* **TASK INSTRUCTIONS**
Reproduce word for word, from the entries below, the line with "Answer: 11:07:41", the line with "Edema: negative", and every line between them, and nothing more.

(Stored items from a collection)
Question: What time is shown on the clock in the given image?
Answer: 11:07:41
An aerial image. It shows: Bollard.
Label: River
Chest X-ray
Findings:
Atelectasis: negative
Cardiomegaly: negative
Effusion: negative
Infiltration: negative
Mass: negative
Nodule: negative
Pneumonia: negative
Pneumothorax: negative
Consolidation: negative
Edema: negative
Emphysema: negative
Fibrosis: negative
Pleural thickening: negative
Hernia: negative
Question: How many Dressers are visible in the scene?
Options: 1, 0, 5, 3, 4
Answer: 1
* * *
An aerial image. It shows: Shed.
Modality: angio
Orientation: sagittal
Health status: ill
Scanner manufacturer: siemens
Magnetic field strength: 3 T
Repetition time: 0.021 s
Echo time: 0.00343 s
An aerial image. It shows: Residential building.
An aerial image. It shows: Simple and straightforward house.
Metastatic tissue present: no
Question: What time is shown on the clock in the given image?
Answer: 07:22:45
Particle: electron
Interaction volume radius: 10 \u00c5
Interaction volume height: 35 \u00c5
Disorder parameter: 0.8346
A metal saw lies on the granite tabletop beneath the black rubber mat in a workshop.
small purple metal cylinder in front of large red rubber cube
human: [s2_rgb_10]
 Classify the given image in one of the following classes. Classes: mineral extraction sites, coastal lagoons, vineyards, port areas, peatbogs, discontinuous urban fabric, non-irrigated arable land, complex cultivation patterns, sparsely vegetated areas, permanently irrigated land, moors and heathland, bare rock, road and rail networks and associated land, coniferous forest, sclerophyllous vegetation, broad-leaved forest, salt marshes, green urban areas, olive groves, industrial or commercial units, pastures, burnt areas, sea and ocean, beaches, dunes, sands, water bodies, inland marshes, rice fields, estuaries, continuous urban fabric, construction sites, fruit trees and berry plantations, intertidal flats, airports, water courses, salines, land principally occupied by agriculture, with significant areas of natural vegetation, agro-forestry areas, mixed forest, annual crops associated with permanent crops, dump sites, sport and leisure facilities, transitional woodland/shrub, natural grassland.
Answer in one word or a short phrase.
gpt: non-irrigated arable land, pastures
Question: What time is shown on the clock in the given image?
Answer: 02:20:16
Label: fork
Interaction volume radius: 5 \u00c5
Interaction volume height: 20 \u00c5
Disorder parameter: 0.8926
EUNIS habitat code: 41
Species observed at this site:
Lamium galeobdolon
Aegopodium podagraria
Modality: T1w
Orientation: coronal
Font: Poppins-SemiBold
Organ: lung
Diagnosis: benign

* **ANSWER BOX**
Answer: 11:07:41
An aerial image. It shows: Bollard.
Label: River
Chest X-ray
Findings:
Atelectasis: negative
Cardiomegaly: negative
Effusion: negative
Infiltration: negative
Mass: negative
Nodule: negative
Pneumonia: negative
Pneumothorax: negative
Consolidation: negative
Edema: negative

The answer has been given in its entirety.